Question

A silver ball of radius 4.8 cm is suspended by a thread in a vacuum chamber. Ultraviolet light of wavelength 200 nm is incident on the ball for some time during which light energy of 1.0 × 10⁻⁷ J falls on the surface. Assuming that on average, one photon out of every ten thousand is able to eject a photoelectron, find the electric potential at the surface of the ball, assuming zero potential at infinity.

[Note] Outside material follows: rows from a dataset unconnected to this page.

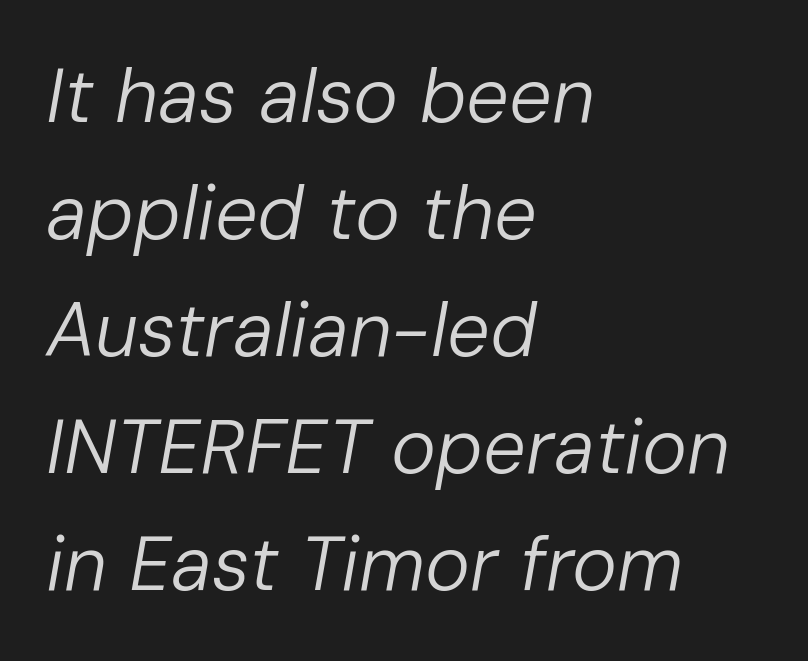
Spacing verdict: proportional, widths tailored to each character. The type is set solid horizontally, with unmodified tracking. No heavy texture on the line: the type isn't bold. The compositor pushed each line to the left boundary. The string is rendered with underlining switched off.
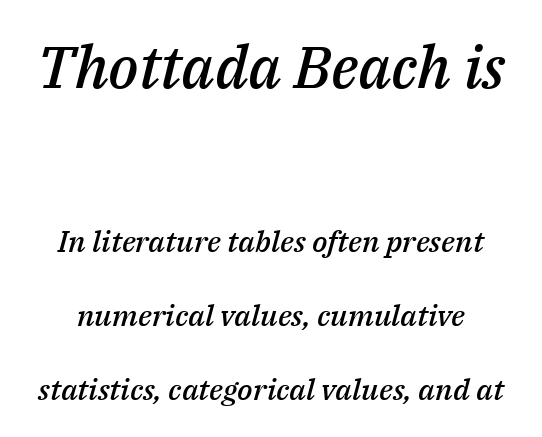
{"italic": "yes", "lean": "right", "slant_degrees": 14, "bold": "semi", "weight": "semibold", "width": "normal", "stroke_contrast": "medium", "x_height": "medium", "monospaced": "no", "underline": "no", "line_spacing": "loose", "line_spacing_ratio": 2.48, "letter_spacing": "normal", "letter_spacing_em": 0.0, "larger_block": "first", "size_ratio": 1.97, "glyph_px": 59}
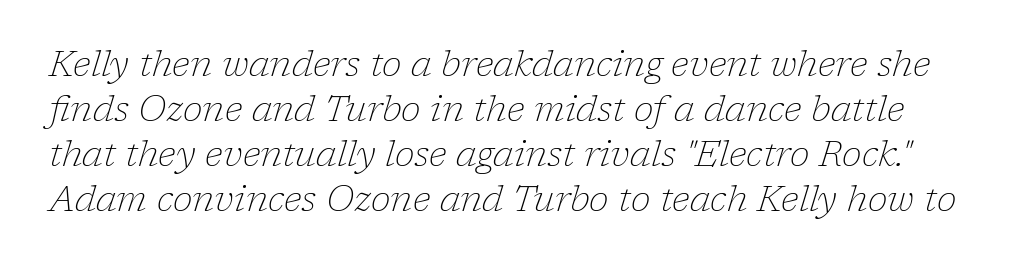
The image shows 36 px thin serif type, italic (leaning right); set normal line spacing (1.25x), normal letter spacing, not underlined; low stroke contrast and a medium x-height.
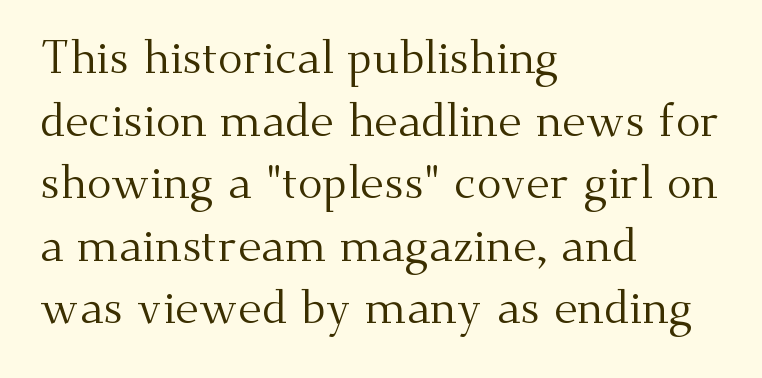
The image shows 46 px regular-weight serif type, upright; set left-aligned, normal line spacing (1.36x), normal letter spacing, not underlined; medium stroke contrast and a small x-height.
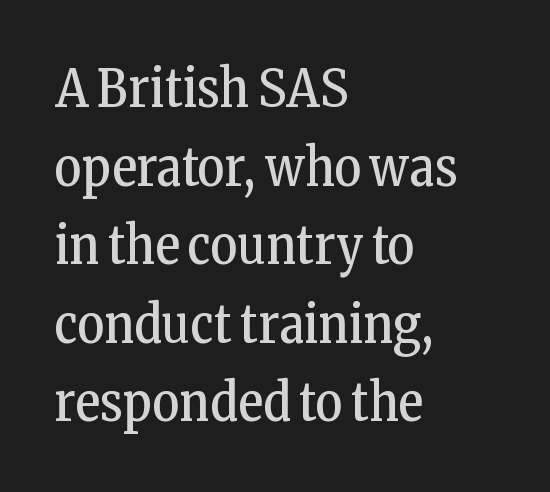
{"serif": "yes", "italic": "no", "bold": "no", "weight": "regular", "width": "condensed", "stroke_contrast": "low", "x_height": "medium", "monospaced": "no", "underline": "no", "align": "left", "line_spacing": "normal", "line_spacing_ratio": 1.51, "letter_spacing": "normal", "letter_spacing_em": 0.0, "glyph_px": 52}
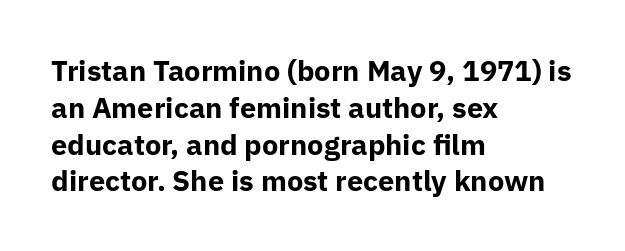
Q: Is the text bold? A: Yes.
Q: Is the text italic (slanted)? A: No, it is upright.
Q: Is the typeface a serif or a sans-serif typeface? A: Sans-serif.
Q: Is the text underlined? A: No.
Q: How is the paragraph aligned? A: Left-aligned.
Q: Is the spacing between letters normal or unusually wide? A: Normal.
Q: Is the spacing between lines tight, normal or loose? A: Normal.
Q: Width (condensed, normal, or wide)? A: Normal.
Q: Stroke contrast? A: Low.
Q: x-height? A: Medium.
Q: Monospaced? A: No.
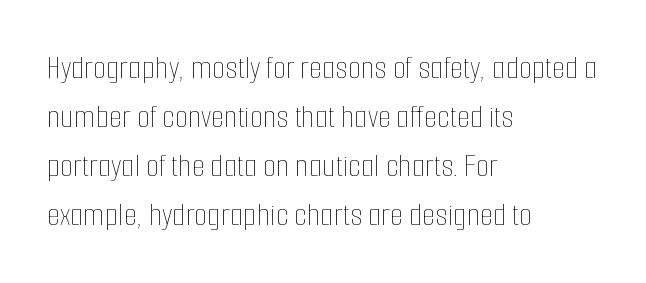
Q: Is the text bold? A: No.
Q: Is the text italic (slanted)? A: No, it is upright.
Q: Is the text underlined? A: No.
Q: How is the paragraph aligned? A: Left-aligned.
Q: Is the spacing between letters normal or unusually wide? A: Normal.
Q: Is the spacing between lines tight, normal or loose? A: Normal.
Q: Width (condensed, normal, or wide)? A: Condensed.
Q: Stroke contrast? A: Low.
Q: x-height? A: Medium.
Q: Monospaced? A: No.
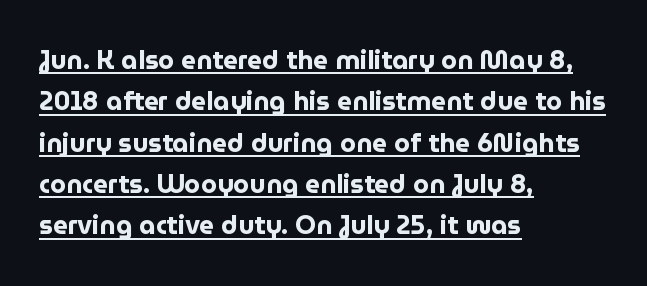
Every character sits straight up, as roman type does. The sample's only ornament is a line tracing under the words. The text block is weighted toward the left margin, trailing off unevenly rightward. The sample has been set heavy, in full bold. What's the leading like? Ordinary, nothing unusual.
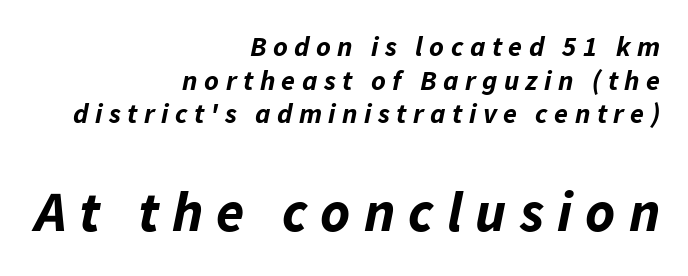
Spacing between characters has been opened up far beyond the box default. The font is running at its bold setting. Of the two passages, the one underneath uses the larger point size. Short and long lines alike share a common ending point at right. Spacing verdict: proportional, widths tailored to each character.

What is the potential at the centre of the ball?

Answer 1

Given:
Radius of the silver ball, r = 4.8 cm
Wavelength of the ultra violet light, λ = 200 nm = 2 × 10⁻⁷ m
Total energy of light, E = 1.0 × 10⁻⁷ J
We are given that one photon out of every ten thousand is able to eject a photoelectron.
Energy of one photon,
$E\text{'}=\frac{hc}{\lambda }$ ,
where h = Planck's constant
c = speed of light
$\lambda$ = wavelength of light
On substituting the respective values in the above formula, we get:
$$\begin{gathered} E\text{'}=\frac{6.63\times {10}^{-34}\times 3\times {10}^8}{2\times {10}^{-7}} \\ =9.945\times {10}^{-19} \end{gathered}$$
Number of photons,
$n=\frac{E}{E\text{'}}=\frac{1\times {10}^{-7}}{9.945\times {10}^{-19}}=1\times {10}^{11}$

Number of photoelectrons
$=\frac{1\times {10}^{11}}{{10}^4}=1\times {10}^7$
The amount of positive charge developed due to the outgoing electrons,
$$\begin{gathered} q=1\times {10}^7\times 1.6\times {10}^{-19} \\ =1.6\times {10}^{-12}\mathrm{C} \end{gathered}$$

Potential developed at the centre as well as on surface,
$V=\frac{Kq}{r}$,
where K = $\frac{1}{4{\mathrm{\pi \epsilon }}_0}$
$\therefore V=\frac{9\times {10}^9\times 1.6\times {10}^{-12}}{4.8\times {10}^{-2}}=0.3\mathrm{V}$

Potential inside the silver ball remains constant. Therefore, potential at the centre of the sphere is 0.3 V.